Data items
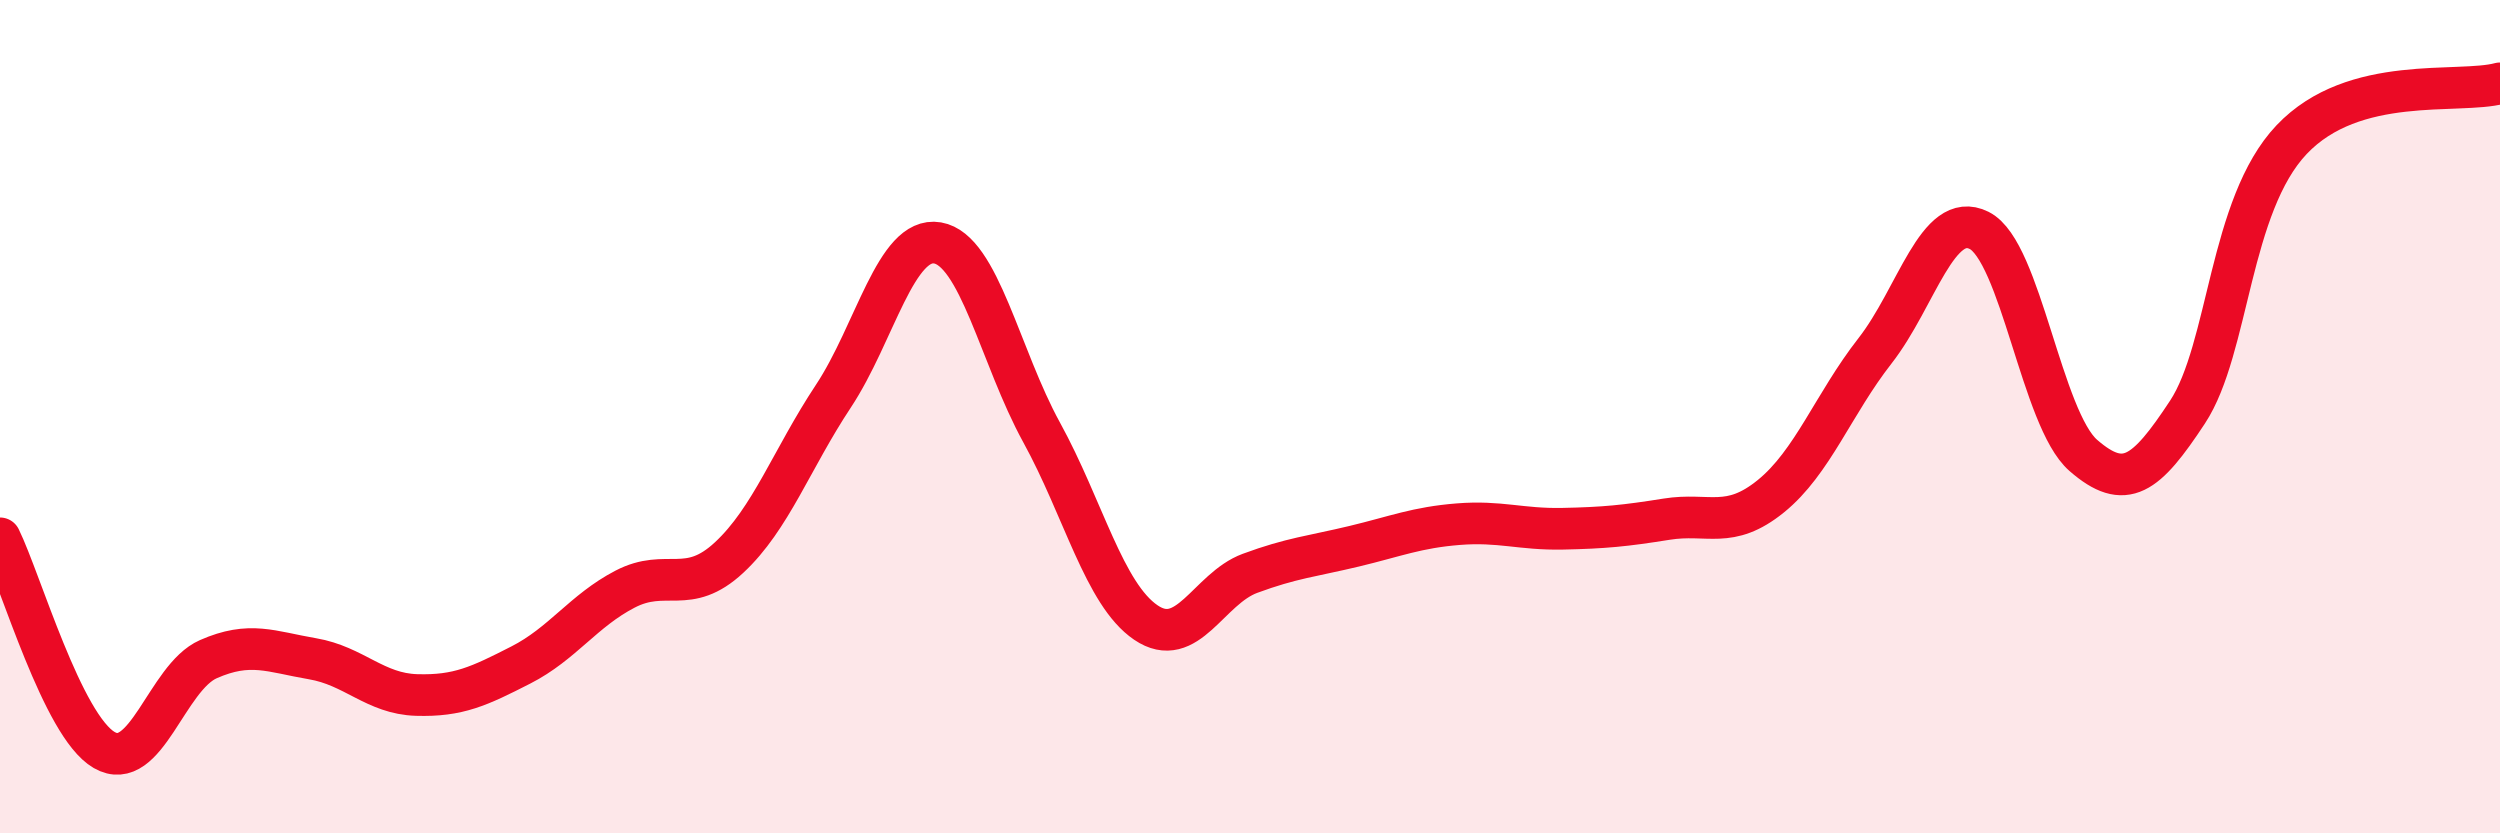 
    <svg width="60" height="20" viewBox="0 0 60 20" xmlns="http://www.w3.org/2000/svg">
      <path
        d="M 0,12.92 C 0.5,13.94 1.5,17.42 2.5,18 C 3.5,18.58 4,16.26 5,15.82 C 6,15.38 6.5,15.64 7.5,15.81 C 8.5,15.98 9,16.65 10,16.68 C 11,16.71 11.5,16.47 12.5,15.96 C 13.5,15.45 14,14.66 15,14.14 C 16,13.62 16.5,14.31 17.5,13.38 C 18.5,12.45 19,11.02 20,9.51 C 21,8 21.5,5.66 22.5,5.83 C 23.5,6 24,8.56 25,10.38 C 26,12.2 26.5,14.26 27.5,14.94 C 28.5,15.62 29,14.13 30,13.76 C 31,13.39 31.5,13.35 32.5,13.11 C 33.5,12.87 34,12.66 35,12.58 C 36,12.5 36.5,12.71 37.5,12.69 C 38.5,12.67 39,12.62 40,12.46 C 41,12.3 41.5,12.72 42.5,11.91 C 43.5,11.1 44,9.7 45,8.42 C 46,7.14 46.5,5.03 47.5,5.53 C 48.5,6.03 49,10.06 50,10.93 C 51,11.8 51.5,11.41 52.5,9.89 C 53.5,8.37 53.5,4.93 55,3.35 C 56.5,1.77 59,2.27 60,2L60 20L0 20Z"
        fill="#EB0A25"
        opacity="0.1"
        stroke-linecap="round"
        stroke-linejoin="round"
      />
      <path
        d="M 0,12.92 C 0.5,13.94 1.5,17.42 2.5,18 C 3.5,18.58 4,16.26 5,15.82 C 6,15.38 6.5,15.64 7.5,15.81 C 8.5,15.98 9,16.65 10,16.68 C 11,16.71 11.5,16.47 12.5,15.96 C 13.5,15.45 14,14.66 15,14.14 C 16,13.62 16.5,14.31 17.5,13.38 C 18.5,12.45 19,11.02 20,9.51 C 21,8 21.5,5.66 22.5,5.83 C 23.5,6 24,8.56 25,10.38 C 26,12.2 26.5,14.26 27.5,14.94 C 28.5,15.62 29,14.13 30,13.76 C 31,13.39 31.5,13.35 32.5,13.11 C 33.5,12.87 34,12.66 35,12.58 C 36,12.5 36.5,12.71 37.5,12.69 C 38.5,12.67 39,12.62 40,12.46 C 41,12.3 41.5,12.72 42.5,11.91 C 43.5,11.1 44,9.7 45,8.42 C 46,7.14 46.5,5.03 47.5,5.53 C 48.5,6.03 49,10.06 50,10.93 C 51,11.8 51.5,11.41 52.5,9.89 C 53.5,8.37 53.5,4.93 55,3.35 C 56.5,1.77 59,2.27 60,2"
        stroke="#EB0A25"
        stroke-width="1"
        fill="none"
        stroke-linecap="round"
        stroke-linejoin="round"
      />
    </svg>

(What you should do): Apart from the pictures, repeat every entry exactly.

(Exercise answer):
    <svg width="60" height="20" viewBox="0 0 60 20" xmlns="http://www.w3.org/2000/svg">
      <path
        d="M 0,12.92 C 0.5,13.94 1.5,17.42 2.5,18 C 3.5,18.58 4,16.26 5,15.82 C 6,15.38 6.5,15.64 7.5,15.81 C 8.5,15.98 9,16.65 10,16.68 C 11,16.71 11.5,16.47 12.5,15.96 C 13.5,15.45 14,14.66 15,14.14 C 16,13.62 16.5,14.31 17.5,13.38 C 18.5,12.45 19,11.02 20,9.51 C 21,8 21.5,5.66 22.5,5.83 C 23.5,6 24,8.56 25,10.38 C 26,12.2 26.5,14.26 27.5,14.94 C 28.5,15.62 29,14.13 30,13.76 C 31,13.39 31.5,13.35 32.5,13.11 C 33.5,12.87 34,12.66 35,12.58 C 36,12.5 36.5,12.71 37.5,12.69 C 38.5,12.67 39,12.62 40,12.46 C 41,12.3 41.5,12.72 42.5,11.91 C 43.5,11.1 44,9.7 45,8.42 C 46,7.14 46.5,5.03 47.5,5.53 C 48.5,6.03 49,10.06 50,10.93 C 51,11.8 51.5,11.41 52.5,9.89 C 53.5,8.37 53.5,4.93 55,3.35 C 56.5,1.77 59,2.27 60,2L60 20L0 20Z"
        fill="#EB0A25"
        opacity="0.1"
        stroke-linecap="round"
        stroke-linejoin="round"
      />
      <path
        d="M 0,12.92 C 0.5,13.94 1.5,17.42 2.5,18 C 3.5,18.58 4,16.26 5,15.82 C 6,15.38 6.5,15.64 7.5,15.81 C 8.5,15.98 9,16.65 10,16.68 C 11,16.71 11.5,16.47 12.5,15.96 C 13.5,15.45 14,14.66 15,14.14 C 16,13.62 16.5,14.31 17.5,13.38 C 18.5,12.45 19,11.02 20,9.51 C 21,8 21.5,5.66 22.5,5.83 C 23.5,6 24,8.56 25,10.38 C 26,12.2 26.5,14.26 27.5,14.94 C 28.5,15.62 29,14.13 30,13.76 C 31,13.39 31.5,13.35 32.5,13.11 C 33.5,12.87 34,12.66 35,12.58 C 36,12.5 36.5,12.71 37.5,12.69 C 38.5,12.67 39,12.62 40,12.46 C 41,12.3 41.5,12.72 42.5,11.91 C 43.5,11.1 44,9.7 45,8.42 C 46,7.14 46.5,5.03 47.5,5.53 C 48.5,6.03 49,10.06 50,10.93 C 51,11.8 51.5,11.41 52.5,9.89 C 53.5,8.37 53.5,4.93 55,3.35 C 56.5,1.77 59,2.27 60,2"
        stroke="#EB0A25"
        stroke-width="1"
        fill="none"
        stroke-linecap="round"
        stroke-linejoin="round"
      />
    </svg>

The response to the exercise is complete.